Task item:
Exact wording is required: transcribe all the entries and leave the images out.

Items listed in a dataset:
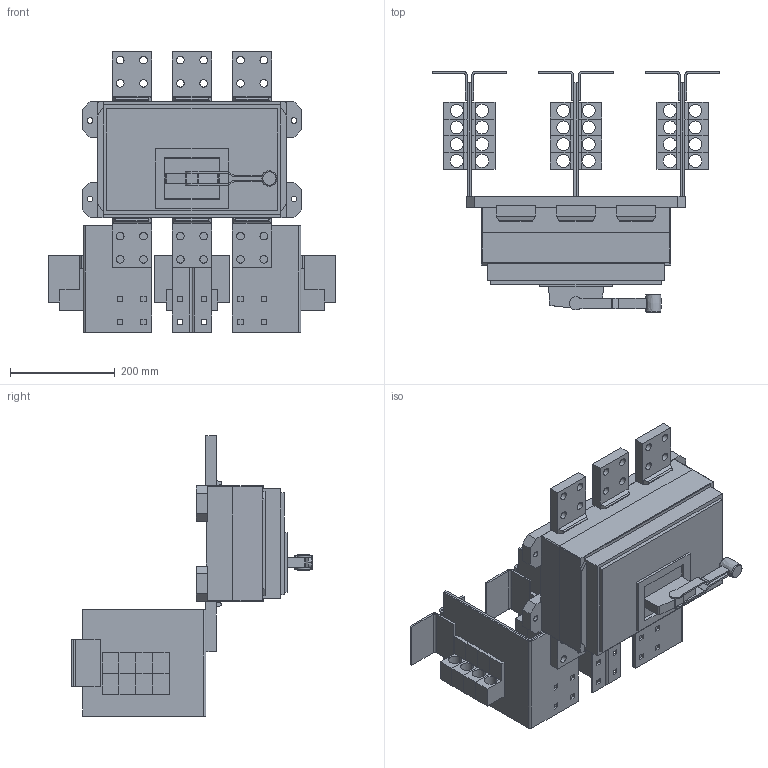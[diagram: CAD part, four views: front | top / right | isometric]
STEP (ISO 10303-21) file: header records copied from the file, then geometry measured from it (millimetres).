
FILE_DESCRIPTION(('starvars output'),'2;1');
FILE_NAME('RLTB_3D.stp','11:02:39 2020/04/02',( 'Thomas Industrial Network Germany GmbH'),( 'Thomas Industrial Network Germany GmbH'),'unknown preprocess','ACIS' ,'unknown authorization');
FILE_SCHEMA(('CONFIG_CONTROL_DESIGN {UNKNOWN IMPLEMENTATION LEVEL}'));
Length unit declared in the file: millimetre
Products named in the file (1): PRODUCT_ID_1
Bounding box: 550.54 x 461.4 x 536.05 mm (x, y, z)
Volume: 16616187 mm3; surface area: 1296500.4 mm2
Topology: 1 solids, 1 shells, 686 faces, 1823 edges, 1192 vertices
Faces by surface type: plane 490, cylinder 158, sphere 24, cone 8, torus 4, bspline 2
Entity records: 20007 total; most frequent: ORIENTED_EDGE 3646, CARTESIAN_POINT 3441, DIRECTION 3056, EDGE_CURVE 1823, VECTOR 1340, LINE 1340, VERTEX_POINT 1192, AXIS2_PLACEMENT_3D 858

Task output:
[diagram: CAD part, four views: front | top / right | isometric]
STEP (ISO 10303-21) file: header records copied from the file, then geometry measured from it (millimetres).
FILE_DESCRIPTION(('starvars output'),'2;1');
FILE_NAME('RLTB_3D.stp','11:02:39 2020/04/02',( 'Thomas Industrial Network Germany GmbH'),( 'Thomas Industrial Network Germany GmbH'),'unknown preprocess','ACIS' ,'unknown authorization');
FILE_SCHEMA(('CONFIG_CONTROL_DESIGN {UNKNOWN IMPLEMENTATION LEVEL}'));
Length unit declared in the file: millimetre
Products named in the file (1): PRODUCT_ID_1
Bounding box: 550.54 x 461.4 x 536.05 mm (x, y, z)
Volume: 16616187 mm3; surface area: 1296500.4 mm2
Topology: 1 solids, 1 shells, 686 faces, 1823 edges, 1192 vertices
Faces by surface type: plane 490, cylinder 158, sphere 24, cone 8, torus 4, bspline 2
Entity records: 20007 total; most frequent: ORIENTED_EDGE 3646, CARTESIAN_POINT 3441, DIRECTION 3056, EDGE_CURVE 1823, VECTOR 1340, LINE 1340, VERTEX_POINT 1192, AXIS2_PLACEMENT_3D 858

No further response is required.